# Prompt
Among the entries below, one stretch runs from the line that contains "#22805 = DIRECTION" through the line that contains "#64452 = DIRECTION". Repeat that stretch exactly, ends included, and only that.

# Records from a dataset
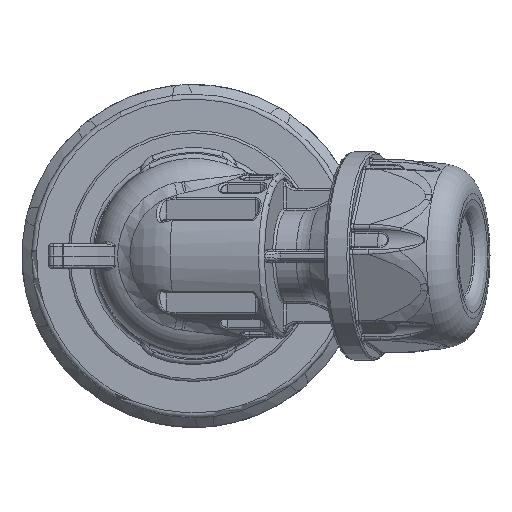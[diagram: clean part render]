
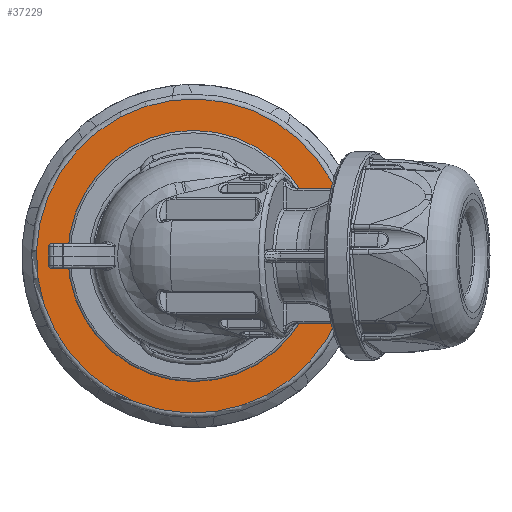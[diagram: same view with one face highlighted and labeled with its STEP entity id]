
A CAD part, left-side view. The second image highlights one B-rep face of the part: STEP entity #37229.
In plain terms, the highlighted planar face has unit normal (-1, 0, 0).
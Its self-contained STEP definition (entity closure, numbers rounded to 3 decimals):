
#2799 = CARTESIAN_POINT ( 'NONE',  ( -2.752, 0., 0. ) ) ;
#2940 = AXIS2_PLACEMENT_3D ( 'NONE', #24361, #17497, #35830 ) ;
#3373 = EDGE_LOOP ( 'NONE', ( #54765 ) ) ;
#11025 = ORIENTED_EDGE ( 'NONE', *, *, #18429, .T. ) ;
#17037 = FACE_OUTER_BOUND ( 'NONE', #42307, .T. ) ;
#17497 = DIRECTION ( 'NONE',  ( -1., 0., 0. ) ) ;
#18429 = EDGE_CURVE ( 'NONE', #24989, #24989, #30978, .T. ) ;
#19239 = CARTESIAN_POINT ( 'NONE',  ( -2.752, 17.222, -27.562 ) ) ;
#22805 = DIRECTION ( 'NONE',  ( 0., 1., 0. ) ) ;
#24361 = CARTESIAN_POINT ( 'NONE',  ( -2.752, 0., 0. ) ) ;
#24989 = VERTEX_POINT ( 'NONE', #19239 ) ;
#26123 = DIRECTION ( 'NONE',  ( 1., 0., 0. ) ) ;
#26128 = AXIS2_PLACEMENT_3D ( 'NONE', #2799, #26123, #38707 ) ;
#29896 = EDGE_CURVE ( 'NONE', #37576, #37576, #57875, .T. ) ;
#30978 = CIRCLE ( 'NONE', #2940, 32.5 ) ;
#31829 = CARTESIAN_POINT ( 'NONE',  ( -2.752, -25.1, 0. ) ) ;
#35378 = CARTESIAN_POINT ( 'NONE',  ( -2.752, 0., 0. ) ) ;
#35830 = DIRECTION ( 'NONE',  ( 0., 0.53, -0.848 ) ) ;
#37229 = ADVANCED_FACE ( 'NONE', ( #17037, #64085 ), #40354, .T. ) ;
#37576 = VERTEX_POINT ( 'NONE', #31829 ) ;
#38707 = DIRECTION ( 'NONE',  ( 0., -1., 0. ) ) ;
#40354 = PLANE ( 'NONE',  #65580 ) ;
#42307 = EDGE_LOOP ( 'NONE', ( #11025 ) ) ;
#54765 = ORIENTED_EDGE ( 'NONE', *, *, #29896, .T. ) ;
#57875 = CIRCLE ( 'NONE', #26128, 25.1 ) ;
#64085 = FACE_BOUND ( 'NONE', #3373, .T. ) ;
#64452 = DIRECTION ( 'NONE',  ( -1., 0., 0. ) ) ;
#65580 = AXIS2_PLACEMENT_3D ( 'NONE', #35378, #64452, #22805 ) ;
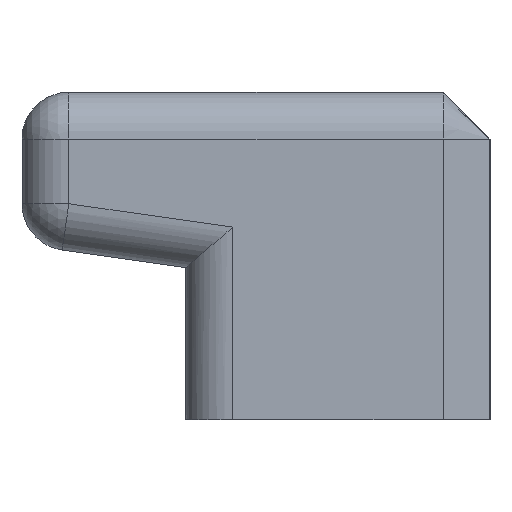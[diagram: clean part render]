
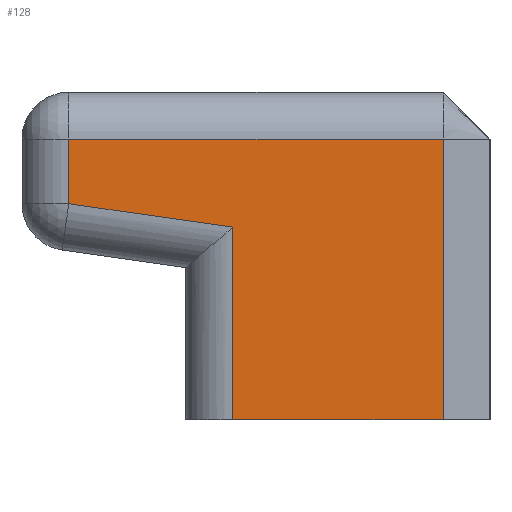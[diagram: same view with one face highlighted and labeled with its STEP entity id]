
A CAD part, left-side view. The second image highlights one B-rep face of the part: STEP entity #128.
In plain terms, the highlighted face is planar.
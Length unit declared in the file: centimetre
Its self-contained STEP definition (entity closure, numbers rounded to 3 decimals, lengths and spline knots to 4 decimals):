
#14 = VECTOR ( 'NONE', #1000, 100. ) ;
#29 = VERTEX_POINT ( 'NONE', #445 ) ;
#31 = LINE ( 'NONE', #1086, #491 ) ;
#37 = VECTOR ( 'NONE', #820, 100. ) ;
#86 = EDGE_CURVE ( 'NONE', #1124, #663, #822, .T. ) ;
#107 = CARTESIAN_POINT ( 'NONE',  ( 0.2, -0.3765, 1.1 ) ) ;
#117 = ORIENTED_EDGE ( 'NONE', *, *, #388, .T. ) ;
#123 = CARTESIAN_POINT ( 'NONE',  ( 0.2, -1.2, 0.2 ) ) ;
#128 = ADVANCED_FACE ( 'NONE', ( #361 ), #714, .F. ) ;
#182 = VERTEX_POINT ( 'NONE', #107 ) ;
#197 = VECTOR ( 'NONE', #593, 100. ) ;
#242 = LINE ( 'NONE', #855, #197 ) ;
#254 = EDGE_CURVE ( 'NONE', #538, #29, #31, .T. ) ;
#287 = DIRECTION ( 'NONE',  ( 0., 0., -1. ) ) ;
#288 = DIRECTION ( 'NONE',  ( 0., -1., 0. ) ) ;
#334 = VECTOR ( 'NONE', #1050, 100. ) ;
#360 = CARTESIAN_POINT ( 'NONE',  ( 0.2, -1.2, 0.2 ) ) ;
#361 = FACE_OUTER_BOUND ( 'NONE', #473, .T. ) ;
#364 = AXIS2_PLACEMENT_3D ( 'NONE', #536, #988, #288 ) ;
#388 = EDGE_CURVE ( 'NONE', #29, #540, #917, .T. ) ;
#392 = CARTESIAN_POINT ( 'NONE',  ( 0.2, -1.2, 2. ) ) ;
#400 = VECTOR ( 'NONE', #287, 100. ) ;
#417 = CARTESIAN_POINT ( 'NONE',  ( 0.2, -0.2765, 1.8 ) ) ;
#430 = CARTESIAN_POINT ( 'NONE',  ( 0.2, -0.267, 1.8667 ) ) ;
#445 = CARTESIAN_POINT ( 'NONE',  ( 0.2, 0., 1.8 ) ) ;
#473 = EDGE_LOOP ( 'NONE', ( #477, #1037, #888, #117, #649, #1118 ) ) ;
#476 = LINE ( 'NONE', #123, #37 ) ;
#477 = ORIENTED_EDGE ( 'NONE', *, *, #86, .T. ) ;
#491 = VECTOR ( 'NONE', #1014, 100. ) ;
#493 = EDGE_CURVE ( 'NONE', #182, #1124, #242, .T. ) ;
#536 = CARTESIAN_POINT ( 'NONE',  ( 0.2, -1.2, 2. ) ) ;
#538 = VERTEX_POINT ( 'NONE', #849 ) ;
#540 = VERTEX_POINT ( 'NONE', #417 ) ;
#593 = DIRECTION ( 'NONE',  ( 0., -1., 0. ) ) ;
#624 = LINE ( 'NONE', #430, #334 ) ;
#649 = ORIENTED_EDGE ( 'NONE', *, *, #912, .T. ) ;
#663 = VERTEX_POINT ( 'NONE', #360 ) ;
#714 = PLANE ( 'NONE',  #364 ) ;
#820 = DIRECTION ( 'NONE',  ( 0., 1., 0. ) ) ;
#822 = LINE ( 'NONE', #392, #400 ) ;
#849 = CARTESIAN_POINT ( 'NONE',  ( 0.2, 0., 0.2 ) ) ;
#855 = CARTESIAN_POINT ( 'NONE',  ( 0.2, -1.2, 1.1 ) ) ;
#888 = ORIENTED_EDGE ( 'NONE', *, *, #254, .T. ) ;
#912 = EDGE_CURVE ( 'NONE', #540, #182, #624, .T. ) ;
#917 = LINE ( 'NONE', #1092, #14 ) ;
#936 = CARTESIAN_POINT ( 'NONE',  ( 0.2, -1.2, 1.1 ) ) ;
#988 = DIRECTION ( 'NONE',  ( -1., 0., 0. ) ) ;
#1000 = DIRECTION ( 'NONE',  ( 0., -1., 0. ) ) ;
#1014 = DIRECTION ( 'NONE',  ( 0., 0., 1. ) ) ;
#1037 = ORIENTED_EDGE ( 'NONE', *, *, #1041, .T. ) ;
#1041 = EDGE_CURVE ( 'NONE', #663, #538, #476, .T. ) ;
#1050 = DIRECTION ( 'NONE',  ( 0., -0.141, -0.99 ) ) ;
#1086 = CARTESIAN_POINT ( 'NONE',  ( 0.2, 0., 2. ) ) ;
#1092 = CARTESIAN_POINT ( 'NONE',  ( 0.2, -0.45, 1.8 ) ) ;
#1118 = ORIENTED_EDGE ( 'NONE', *, *, #493, .T. ) ;
#1124 = VERTEX_POINT ( 'NONE', #936 ) ;
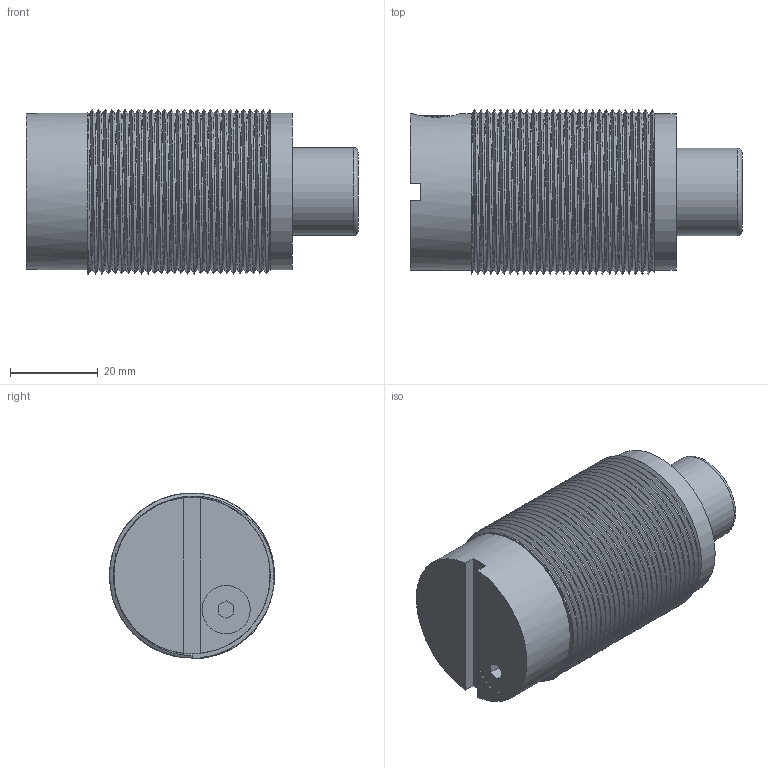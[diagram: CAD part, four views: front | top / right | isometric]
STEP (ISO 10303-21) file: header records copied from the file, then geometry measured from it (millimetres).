
FILE_DESCRIPTION(/* description */ ('STEP AP203'),/* implementation_level */ '2;1');
FILE_NAME(/* name */ 'P 00500_013 M38.stp',/* time_stamp */ '2019-03-25T10:30:18+03:00',/* author */ ('Doğan'),/* organization */ (''),/* preprocessor_version */ 'ST-DEVELOPER v17.2',/* originating_system */ 'Autodesk Inventor 2019',/* authorisation */ '');
FILE_SCHEMA (('AUTOMOTIVE_DESIGN { 1 0 10303 214 3 1 1 }'));
Length unit declared in the file: millimetre
Products named in the file (1): P 00500_013 M38
Bounding box: 75.7 x 37.6 x 37.8 mm (x, y, z)
Volume: 66613.1 mm3; surface area: 13672.3 mm2
Topology: 1 solids, 1 shells, 71 faces, 194 edges, 133 vertices
Faces by surface type: cylinder 37, plane 27, bspline 3, torus 2, cone 2
Full cylindrical faces by diameter (mm): 5 x1, 10 x1, 11 x2, 20 x1, 35.7 x2, 35.835 x27
Entity records: 6599 total; most frequent: CARTESIAN_POINT 4850, ORIENTED_EDGE 386, DIRECTION 307, EDGE_CURVE 193, VERTEX_POINT 133, AXIS2_PLACEMENT_3D 111, LINE 85, VECTOR 85

# Output for this task
#22805 = DIRECTION ( 'NONE',  ( 0., 1., 0. ) ) ;
#24361 = CARTESIAN_POINT ( 'NONE',  ( -2.752, 0., 0. ) ) ;
#24989 = VERTEX_POINT ( 'NONE', #19239 ) ;
#26123 = DIRECTION ( 'NONE',  ( 1., 0., 0. ) ) ;
#26128 = AXIS2_PLACEMENT_3D ( 'NONE', #2799, #26123, #38707 ) ;
#29896 = EDGE_CURVE ( 'NONE', #37576, #37576, #57875, .T. ) ;
#30978 = CIRCLE ( 'NONE', #2940, 32.5 ) ;
#31829 = CARTESIAN_POINT ( 'NONE',  ( -2.752, -25.1, 0. ) ) ;
#35378 = CARTESIAN_POINT ( 'NONE',  ( -2.752, 0., 0. ) ) ;
#35830 = DIRECTION ( 'NONE',  ( 0., 0.53, -0.848 ) ) ;
#37229 = ADVANCED_FACE ( 'NONE', ( #17037, #64085 ), #40354, .T. ) ;
#37576 = VERTEX_POINT ( 'NONE', #31829 ) ;
#38707 = DIRECTION ( 'NONE',  ( 0., -1., 0. ) ) ;
#40354 = PLANE ( 'NONE',  #65580 ) ;
#42307 = EDGE_LOOP ( 'NONE', ( #11025 ) ) ;
#54765 = ORIENTED_EDGE ( 'NONE', *, *, #29896, .T. ) ;
#57875 = CIRCLE ( 'NONE', #26128, 25.1 ) ;
#64085 = FACE_BOUND ( 'NONE', #3373, .T. ) ;
#64452 = DIRECTION ( 'NONE',  ( -1., 0., 0. ) ) ;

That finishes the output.